Why I Took Data Science Courses as an Infrastructure Engineer
My MSCS at CU Boulder included a graduate certificate in Data Science. Probability theory, statistical inference, regression and classification, data mining methods and pipeline. On paper, that has nothing to do with my actual job.
In practice, it shows up more than you’d think.
SLOs Are Just Statistics
The first time I tried to set an SLO for platform availability, I realized I didn’t actually understand what “99.9% available” meant in statistical terms. How many data points do you need before that number is meaningful? What’s the confidence interval? If you measured 99.95% over 7 days, is that statistically different from 99.9%?
These aren’t academic questions. They determine whether you alert your on-call engineer at 3 AM or not. They determine whether you tell leadership the platform is meeting its targets or missing them. Get the statistics wrong and you’re either waking people up for nothing or sleeping through real incidents.
The probability and inference courses gave me the vocabulary and the math to think about reliability metrics properly. When I set an error budget now, I can explain why the window is 30 days and not 7, and why the burn rate threshold is where it is.
Log Analysis Is Data Mining
When you’re trying to figure out why deploy times spiked last Tuesday, you’re doing data mining.

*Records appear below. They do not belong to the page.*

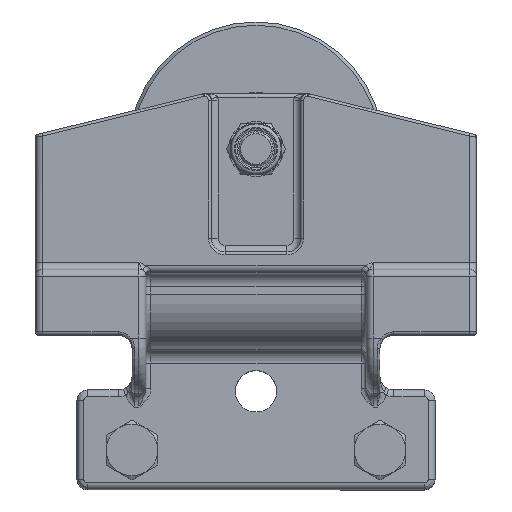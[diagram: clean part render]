
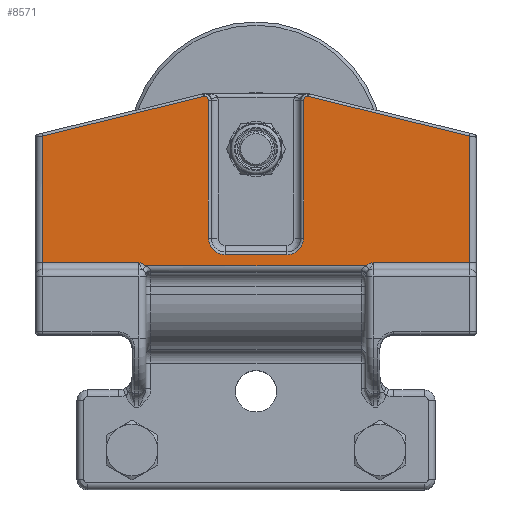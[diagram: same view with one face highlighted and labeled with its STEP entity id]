
A CAD part, top view. The second image highlights one B-rep face of the part: STEP entity #8571.
In plain terms, the highlighted planar face has unit normal (0, 0, 1).
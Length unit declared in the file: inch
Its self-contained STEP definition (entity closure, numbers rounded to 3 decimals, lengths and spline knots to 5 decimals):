
#5765=CARTESIAN_POINT('',(2.30193,7.13534,3.3125));
#5766=VERTEX_POINT('',#5765);
#5774=CARTESIAN_POINT('',(2.31615,7.13741,3.3125));
#5775=VERTEX_POINT('',#5774);
#5776=CARTESIAN_POINT('',(2.31981,7.0625,3.3125));
#5777=DIRECTION('',(0.,0.,-1.));
#5778=DIRECTION('',(-0.144,0.99,0.));
#5779=AXIS2_PLACEMENT_3D('',#5776,#5777,#5778);
#5780=CIRCLE('',#5779,0.075);
#5781=EDGE_CURVE('',#5766,#5775,#5780,.T.);
#5809=CARTESIAN_POINT('',(-0.625,6.41671,3.3125));
#5810=VERTEX_POINT('',#5809);
#5818=CARTESIAN_POINT('',(-0.625,6.41671,3.3125));
#5819=DIRECTION('',(0.971,0.238,0.0));
#5820=VECTOR('',#5819,3.01385);
#5821=LINE('',#5818,#5820);
#5822=EDGE_CURVE('',#5810,#5766,#5821,.T.);
#6489=CARTESIAN_POINT('',(2.3875,4.5625,3.3125));
#6490=VERTEX_POINT('',#6489);
#6508=CARTESIAN_POINT('',(2.3875,7.0625,3.3125));
#6509=VERTEX_POINT('',#6508);
#6517=CARTESIAN_POINT('',(2.3875,7.0625,3.3125));
#6518=DIRECTION('',(0.0,-1.0,0.0));
#6519=VECTOR('',#6518,2.5);
#6520=LINE('',#6517,#6519);
#6521=EDGE_CURVE('',#6509,#6490,#6520,.T.);
#6531=CARTESIAN_POINT('',(2.6875,4.2625,3.3125));
#6532=VERTEX_POINT('',#6531);
#6550=CARTESIAN_POINT('',(2.6875,4.5625,3.3125));
#6551=DIRECTION('',(0.,0.,1.));
#6552=DIRECTION('',(-0.707,-0.707,0.));
#6553=AXIS2_PLACEMENT_3D('',#6550,#6551,#6552);
#6554=CIRCLE('',#6553,0.3);
#6555=EDGE_CURVE('',#6490,#6532,#6554,.T.);
#6574=CARTESIAN_POINT('',(2.3125,7.0625,3.3125));
#6575=DIRECTION('',(0.,0.,-1.));
#6576=DIRECTION('',(0.724,0.69,0.));
#6577=AXIS2_PLACEMENT_3D('',#6574,#6575,#6576);
#6578=CIRCLE('',#6577,0.075);
#6579=EDGE_CURVE('',#5775,#6509,#6578,.T.);
#6597=CARTESIAN_POINT('',(3.8125,4.2625,3.3125));
#6598=VERTEX_POINT('',#6597);
#6615=CARTESIAN_POINT('',(2.6875,4.2625,3.3125));
#6616=DIRECTION('',(1.0,0.0,0.0));
#6617=VECTOR('',#6616,1.125);
#6618=LINE('',#6615,#6617);
#6619=EDGE_CURVE('',#6532,#6598,#6618,.T.);
#6629=CARTESIAN_POINT('',(4.1125,4.5625,3.3125));
#6630=VERTEX_POINT('',#6629);
#6648=CARTESIAN_POINT('',(3.8125,4.5625,3.3125));
#6649=DIRECTION('',(0.,0.,1.0));
#6650=DIRECTION('',(0.707,-0.707,0.));
#6651=AXIS2_PLACEMENT_3D('',#6648,#6649,#6650);
#6652=CIRCLE('',#6651,0.3);
#6653=EDGE_CURVE('',#6598,#6630,#6652,.T.);
#6663=CARTESIAN_POINT('',(4.1125,7.0625,3.3125));
#6664=VERTEX_POINT('',#6663);
#6681=CARTESIAN_POINT('',(4.1125,4.5625,3.3125));
#6682=DIRECTION('',(0.0,1.0,0.0));
#6683=VECTOR('',#6682,2.5);
#6684=LINE('',#6681,#6683);
#6685=EDGE_CURVE('',#6630,#6664,#6684,.T.);
#6695=CARTESIAN_POINT('',(4.18385,7.13741,3.3125));
#6696=VERTEX_POINT('',#6695);
#6714=CARTESIAN_POINT('',(4.1875,7.0625,3.3125));
#6715=DIRECTION('',(0.,0.,-1.0));
#6716=DIRECTION('',(-0.724,0.69,0.));
#6717=AXIS2_PLACEMENT_3D('',#6714,#6715,#6716);
#6718=CIRCLE('',#6717,0.075);
#6719=EDGE_CURVE('',#6664,#6696,#6718,.T.);
#6755=CARTESIAN_POINT('',(4.19807,7.13534,3.3125));
#6756=VERTEX_POINT('',#6755);
#6757=CARTESIAN_POINT('',(4.18019,7.0625,3.3125));
#6758=DIRECTION('',(0.,0.,-1.0));
#6759=DIRECTION('',(0.144,0.99,0.));
#6760=AXIS2_PLACEMENT_3D('',#6757,#6758,#6759);
#6761=CIRCLE('',#6760,0.075);
#6762=EDGE_CURVE('',#6696,#6756,#6761,.T.);
#6788=CARTESIAN_POINT('',(7.125,6.41671,3.3125));
#6789=VERTEX_POINT('',#6788);
#6806=CARTESIAN_POINT('',(4.19807,7.13534,3.3125));
#6807=DIRECTION('',(0.971,-0.238,0.0));
#6808=VECTOR('',#6807,3.01385);
#6809=LINE('',#6806,#6808);
#6810=EDGE_CURVE('',#6756,#6789,#6809,.T.);
#8489=CARTESIAN_POINT('',(7.25,4.,3.3125));
#8490=DIRECTION('',(0.0,0.0,-1.0));
#8491=DIRECTION('',(-1.0,0.0,0.0));
#8492=AXIS2_PLACEMENT_3D('',#8489,#8490,#8491);
#8493=PLANE('',#8492);
#8494=ORIENTED_EDGE('',*,*,#5822,.F.);
#8495=CARTESIAN_POINT('',(-0.625,4.125,3.3125));
#8496=VERTEX_POINT('',#8495);
#8497=CARTESIAN_POINT('',(-0.625,4.125,3.3125));
#8498=DIRECTION('',(0.0,1.0,0.0));
#8499=VECTOR('',#8498,2.29171);
#8500=LINE('',#8497,#8499);
#8501=EDGE_CURVE('',#8496,#5810,#8500,.T.);
#8502=ORIENTED_EDGE('',*,*,#8501,.F.);
#8503=CARTESIAN_POINT('',(1.125,4.125,3.3125));
#8504=VERTEX_POINT('',#8503);
#8505=CARTESIAN_POINT('',(1.125,4.125,3.3125));
#8506=DIRECTION('',(-1.0,0.0,0.0));
#8507=VECTOR('',#8506,1.75);
#8508=LINE('',#8505,#8507);
#8509=EDGE_CURVE('',#8504,#8496,#8508,.T.);
#8510=ORIENTED_EDGE('',*,*,#8509,.F.);
#8511=CARTESIAN_POINT('',(1.24913,4.0625,3.3125));
#8512=VERTEX_POINT('',#8511);
#8513=CARTESIAN_POINT('',(1.24913,4.0625,3.3125));
#8514=CARTESIAN_POINT('',(1.23446,4.0738,3.3125));
#8515=CARTESIAN_POINT('',(1.21064,4.08855,3.3125));
#8516=CARTESIAN_POINT('',(1.16866,4.10845,3.3125));
#8517=CARTESIAN_POINT('',(1.14272,4.1183,3.3125));
#8518=CARTESIAN_POINT('',(1.12526,4.1249,3.3125));
#8519=CARTESIAN_POINT('',(1.12513,4.12495,3.3125));
#8520=CARTESIAN_POINT('',(1.125,4.125,3.3125));
#8521=B_SPLINE_CURVE_WITH_KNOTS('',3,(#8513,#8514,#8515,#8516,#8517,#8518,#8519,#8520),.UNSPECIFIED.,.F.,.U.,(4,1,1,2,4),(-0.35282,-0.21169,-0.14113,0.0,0.00105),.UNSPECIFIED.);
#8522=EDGE_CURVE('',#8512,#8504,#8521,.T.);
#8523=ORIENTED_EDGE('',*,*,#8522,.F.);
#8524=CARTESIAN_POINT('',(5.25087,4.0625,3.3125));
#8525=VERTEX_POINT('',#8524);
#8526=CARTESIAN_POINT('',(5.25087,4.0625,3.3125));
#8527=DIRECTION('',(-1.0,0.0,0.0));
#8528=VECTOR('',#8527,4.00175);
#8529=LINE('',#8526,#8528);
#8530=EDGE_CURVE('',#8525,#8512,#8529,.T.);
#8531=ORIENTED_EDGE('',*,*,#8530,.F.);
#8532=CARTESIAN_POINT('',(5.375,4.125,3.3125));
#8533=VERTEX_POINT('',#8532);
#8534=CARTESIAN_POINT('',(5.375,4.125,3.3125));
#8535=CARTESIAN_POINT('',(5.37487,4.12495,3.3125));
#8536=CARTESIAN_POINT('',(5.37474,4.1249,3.3125));
#8537=CARTESIAN_POINT('',(5.35728,4.1183,3.3125));
#8538=CARTESIAN_POINT('',(5.33134,4.10845,3.3125));
#8539=CARTESIAN_POINT('',(5.28936,4.08855,3.3125));
#8540=CARTESIAN_POINT('',(5.26554,4.0738,3.3125));
#8541=CARTESIAN_POINT('',(5.25087,4.0625,3.3125));
#8542=B_SPLINE_CURVE_WITH_KNOTS('',3,(#8534,#8535,#8536,#8537,#8538,#8539,#8540,#8541),.UNSPECIFIED.,.F.,.U.,(4,2,1,1,4),(-0.35387,-0.35282,-0.21169,-0.14113,0.),.UNSPECIFIED.);
#8543=EDGE_CURVE('',#8533,#8525,#8542,.T.);
#8544=ORIENTED_EDGE('',*,*,#8543,.F.);
#8545=CARTESIAN_POINT('',(7.125,4.125,3.3125));
#8546=VERTEX_POINT('',#8545);
#8547=CARTESIAN_POINT('',(5.375,4.125,3.3125));
#8548=DIRECTION('',(1.0,0.0,0.0));
#8549=VECTOR('',#8548,1.75);
#8550=LINE('',#8547,#8549);
#8551=EDGE_CURVE('',#8533,#8546,#8550,.T.);
#8552=ORIENTED_EDGE('',*,*,#8551,.T.);
#8553=CARTESIAN_POINT('',(7.125,6.41671,3.3125));
#8554=DIRECTION('',(0.0,-1.0,0.0));
#8555=VECTOR('',#8554,2.29171);
#8556=LINE('',#8553,#8555);
#8557=EDGE_CURVE('',#6789,#8546,#8556,.T.);
#8558=ORIENTED_EDGE('',*,*,#8557,.F.);
#8559=ORIENTED_EDGE('',*,*,#6810,.F.);
#8560=ORIENTED_EDGE('',*,*,#6762,.F.);
#8561=ORIENTED_EDGE('',*,*,#6719,.F.);
#8562=ORIENTED_EDGE('',*,*,#6685,.F.);
#8563=ORIENTED_EDGE('',*,*,#6653,.F.);
#8564=ORIENTED_EDGE('',*,*,#6619,.F.);
#8565=ORIENTED_EDGE('',*,*,#6555,.F.);
#8566=ORIENTED_EDGE('',*,*,#6521,.F.);
#8567=ORIENTED_EDGE('',*,*,#6579,.F.);
#8568=ORIENTED_EDGE('',*,*,#5781,.F.);
#8569=EDGE_LOOP('',(#8494,#8502,#8510,#8523,#8531,#8544,#8552,#8558,#8559,#8560,#8561,#8562,#8563,#8564,#8565,#8566,#8567,#8568));
#8570=FACE_OUTER_BOUND('',#8569,.T.);
#8571=ADVANCED_FACE('',(#8570),#8493,.F.);

When you’re looking at resource utilization patterns across 12 clusters to figure out which ones need more capacity, you’re doing regression. When you’re categorizing incidents by root cause to prioritize platform improvements, you’re doing classification.
I was doing all of these things before the coursework. But I was doing them with gut instinct and spreadsheet pivots. After the data mining courses, I had actual methods: clustering for pattern detection, decision trees for categorization, pipeline design for repeatable analysis.

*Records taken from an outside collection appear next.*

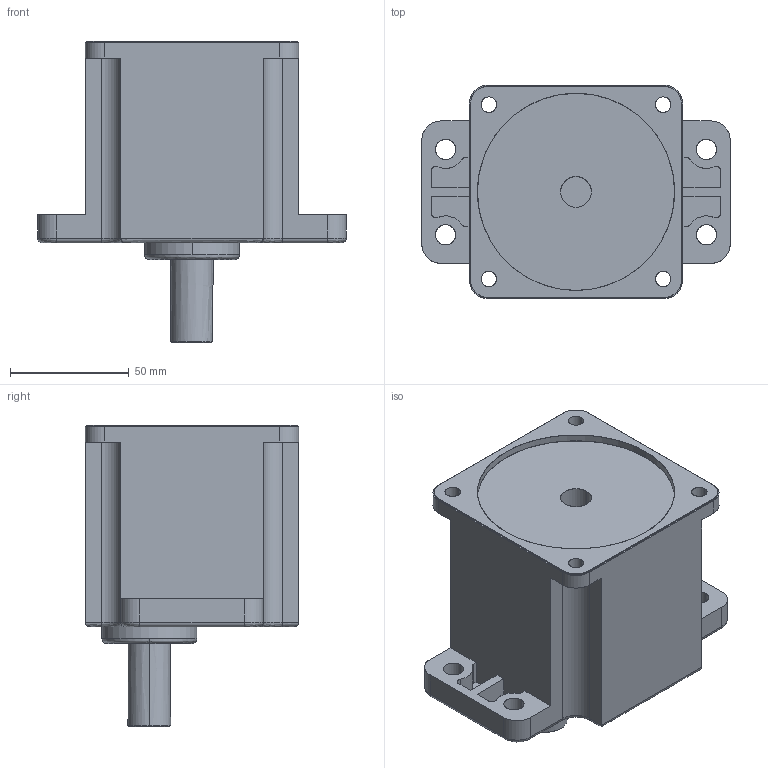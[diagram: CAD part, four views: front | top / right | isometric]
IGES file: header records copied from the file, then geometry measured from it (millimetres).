
Start section: SolidWorks IGES file using analytic representation for surfaces
Global section: file name: (12-12) 9HFK∴BH.IGS; native system: SolidWorks 2007; preprocessor: SolidWorks 2007; author: user; date: 150410.142155; units: millimetre
Bounding box: 130 x 90 x 127 mm (x, y, z)
Surface area: 60450.1 mm2 (no closed solid volume)
Topology: 0 solids, 0 shells, 134 faces, 2168 edges, 2168 vertices
Faces by surface type: revolution 72, bspline 62

The Project That Connected It
One of my graduate projects involved building a classification pipeline for detecting PII in text data. That specific use case isn’t relevant to my day job. But the process, acquiring data, cleaning it, selecting features, training a model, evaluating results, iterating, is the same process you use for any data-driven decision.
The data mining project course forced me to take a problem end-to-end. Not just “here’s a clean dataset, run a model.” Real data. Messy data. Data that required judgment calls about what to keep and what to throw away. That’s closer to what production observability data looks like than any textbook example.
Am I a Data Scientist?
No. I’m an infrastructure engineer who can read a paper, understand a statistical claim, and apply basic analytical methods to infrastructure problems. That’s a different thing, and it’s enough. I don’t need to build neural networks. I just need to know when an alert threshold actually means something and when it’s noise. That’s all.
If your MSCS program offers data science electives, they’re worth considering even if you’re on the infrastructure track. The overlap isn’t obvious until you’re knee-deep in SLO dashboards wondering if your numbers actually mean anything.